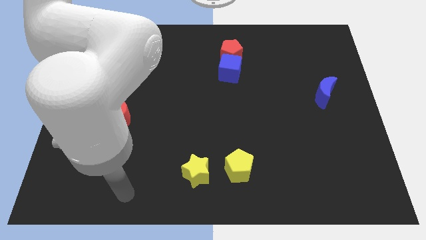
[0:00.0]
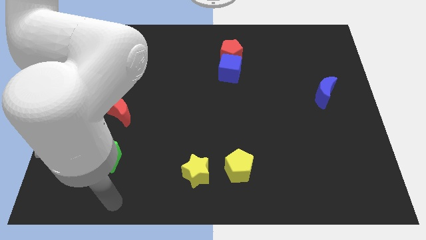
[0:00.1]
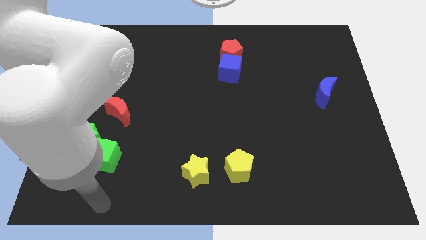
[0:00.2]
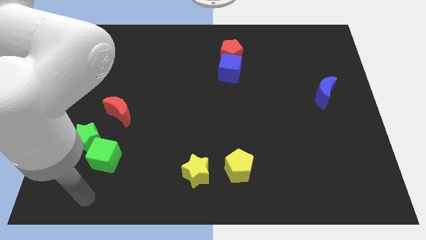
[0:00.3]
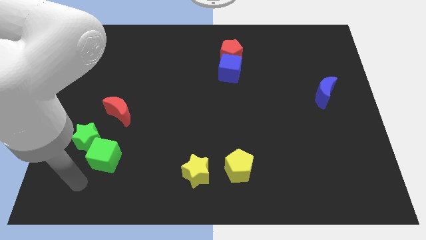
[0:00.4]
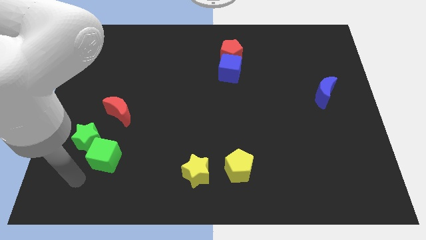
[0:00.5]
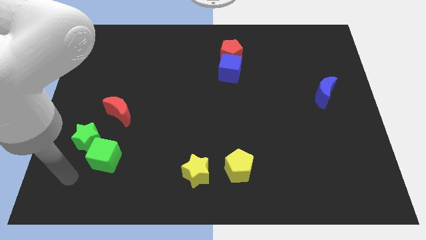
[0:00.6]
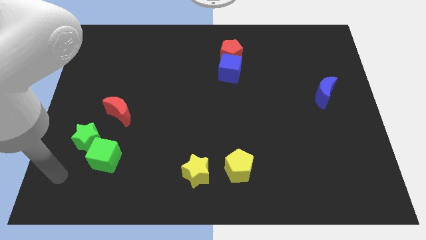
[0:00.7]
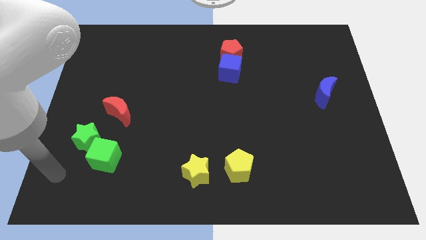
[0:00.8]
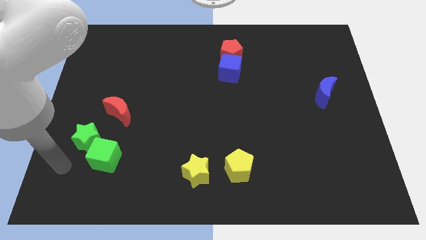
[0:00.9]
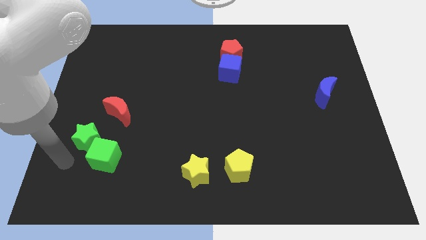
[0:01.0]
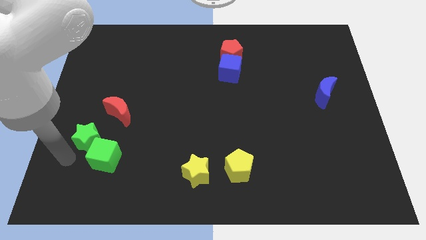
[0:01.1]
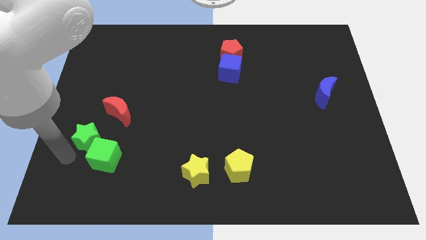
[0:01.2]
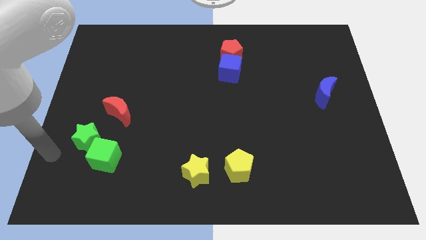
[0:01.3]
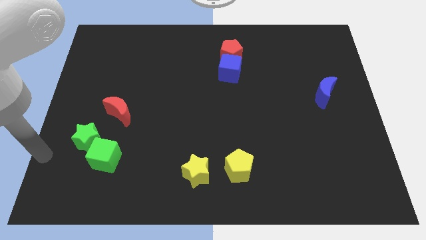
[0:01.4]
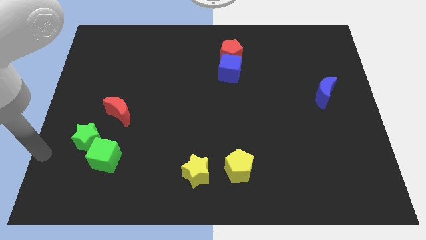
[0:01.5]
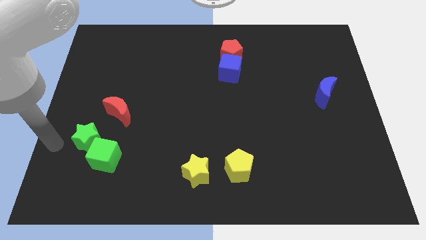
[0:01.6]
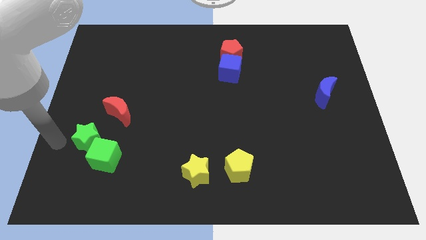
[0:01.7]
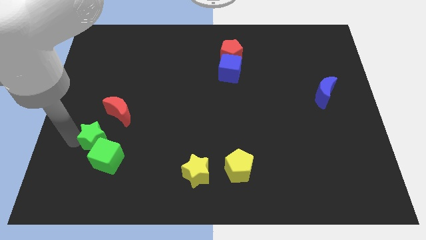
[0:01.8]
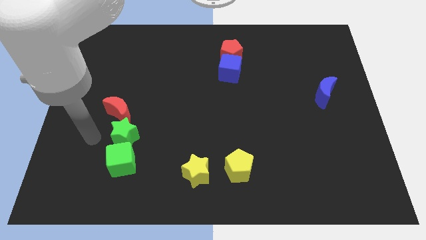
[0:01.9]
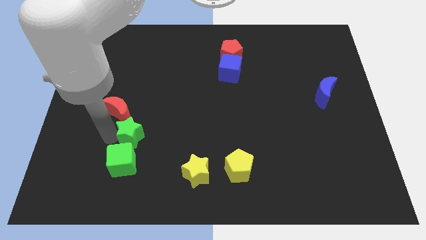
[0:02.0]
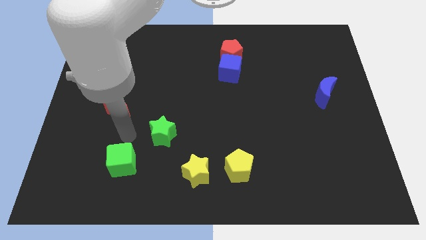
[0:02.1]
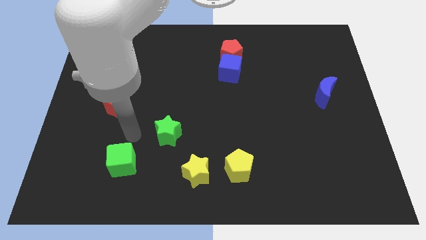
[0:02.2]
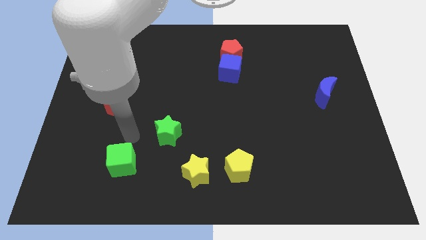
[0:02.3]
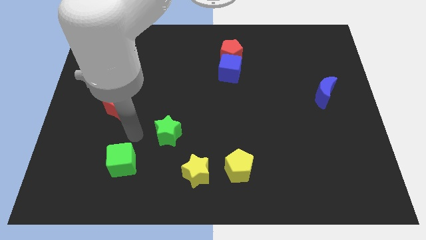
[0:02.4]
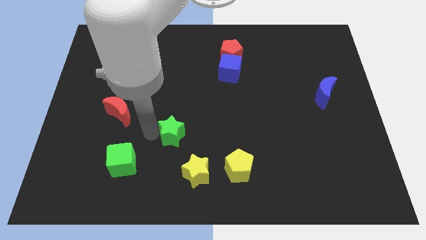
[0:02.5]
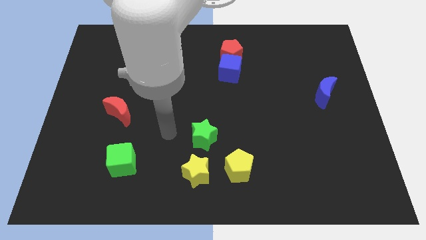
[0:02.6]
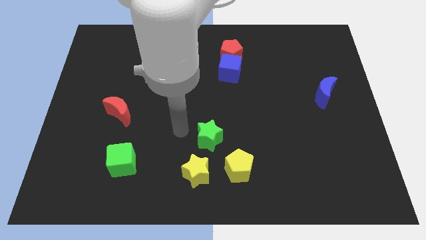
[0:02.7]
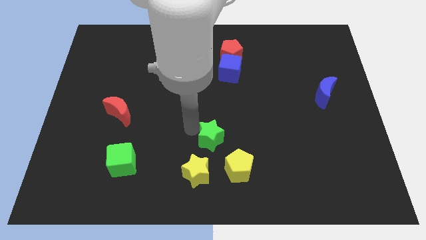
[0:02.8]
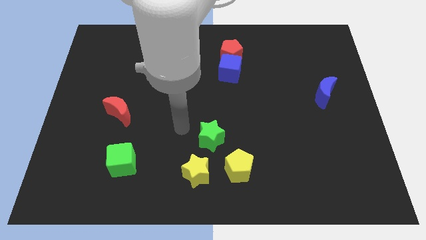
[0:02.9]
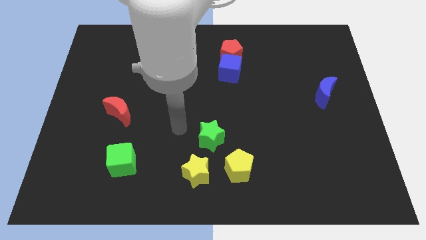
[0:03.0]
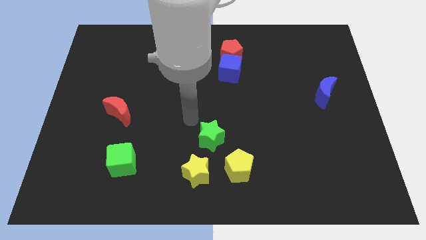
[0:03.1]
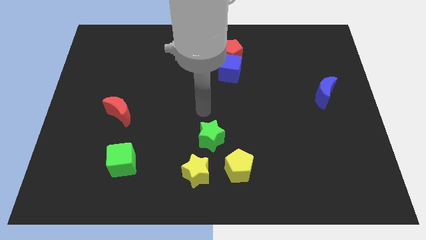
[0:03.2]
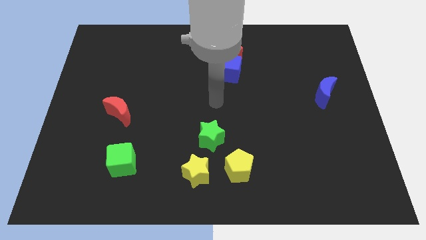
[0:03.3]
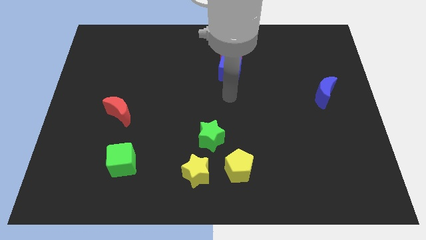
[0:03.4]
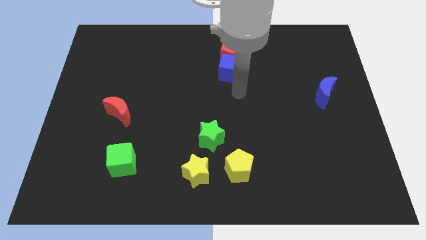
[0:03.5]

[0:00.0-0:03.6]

⁂

* _Exercise_
Would you return the whole listing above exactly as written, skipping any image?

* _Task response_
[0:00.0]
[0:00.1]
[0:00.2]
[0:00.3]
[0:00.4]
[0:00.5]
[0:00.6]
[0:00.7]
[0:00.8]
[0:00.9]
[0:01.0]
[0:01.1]
[0:01.2]
[0:01.3]
[0:01.4]
[0:01.5]
[0:01.6]
[0:01.7]
[0:01.8]
[0:01.9]
[0:02.0]
[0:02.1]
[0:02.2]
[0:02.3]
[0:02.4]
[0:02.5]
[0:02.6]
[0:02.7]
[0:02.8]
[0:02.9]
[0:03.0]
[0:03.1]
[0:03.2]
[0:03.3]
[0:03.4]
[0:03.5]

[0:00.0-0:03.6]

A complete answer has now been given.